[Your task]: Please restate the entries below word for word, leaving out any pictures.

^^^^

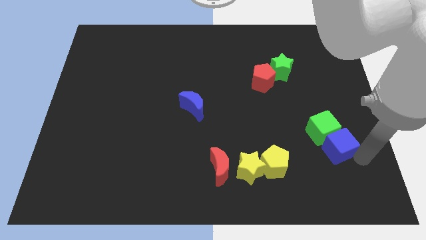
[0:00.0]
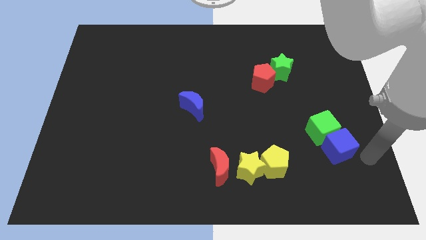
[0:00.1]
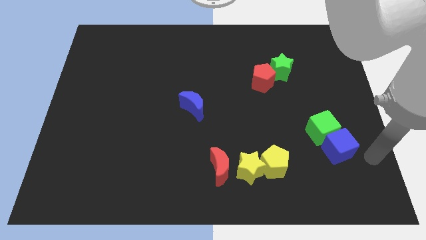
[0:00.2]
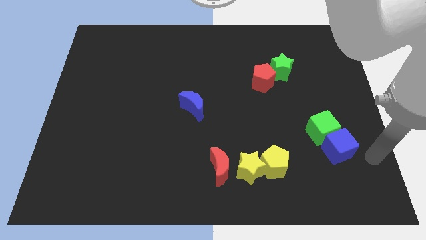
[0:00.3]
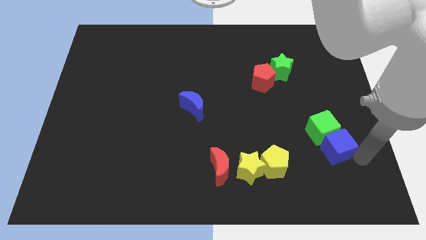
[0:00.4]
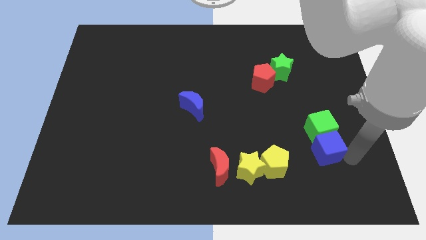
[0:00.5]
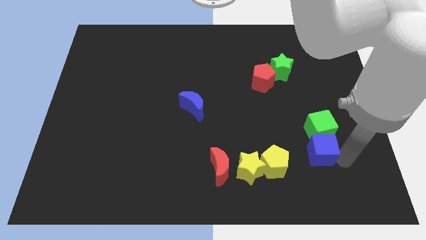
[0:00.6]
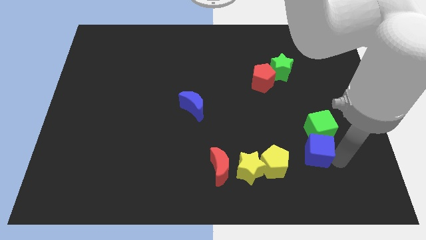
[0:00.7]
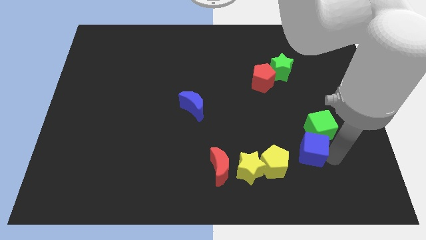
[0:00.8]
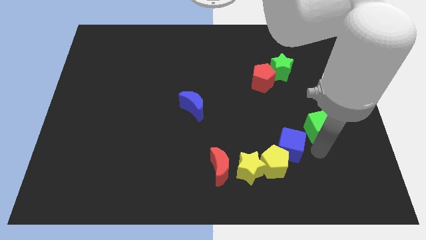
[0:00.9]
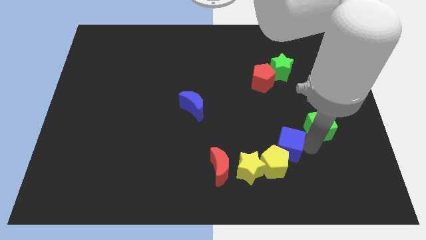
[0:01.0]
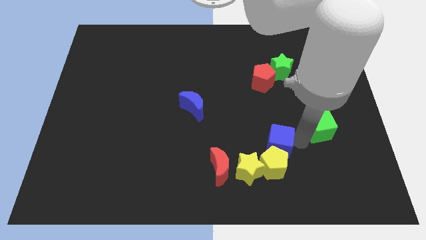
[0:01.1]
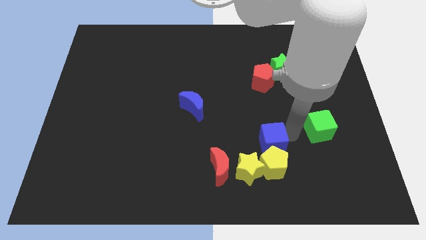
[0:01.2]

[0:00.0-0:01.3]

^^^^

[Task solution]:
[0:00.0]
[0:00.1]
[0:00.2]
[0:00.3]
[0:00.4]
[0:00.5]
[0:00.6]
[0:00.7]
[0:00.8]
[0:00.9]
[0:01.0]
[0:01.1]
[0:01.2]

[0:00.0-0:01.3]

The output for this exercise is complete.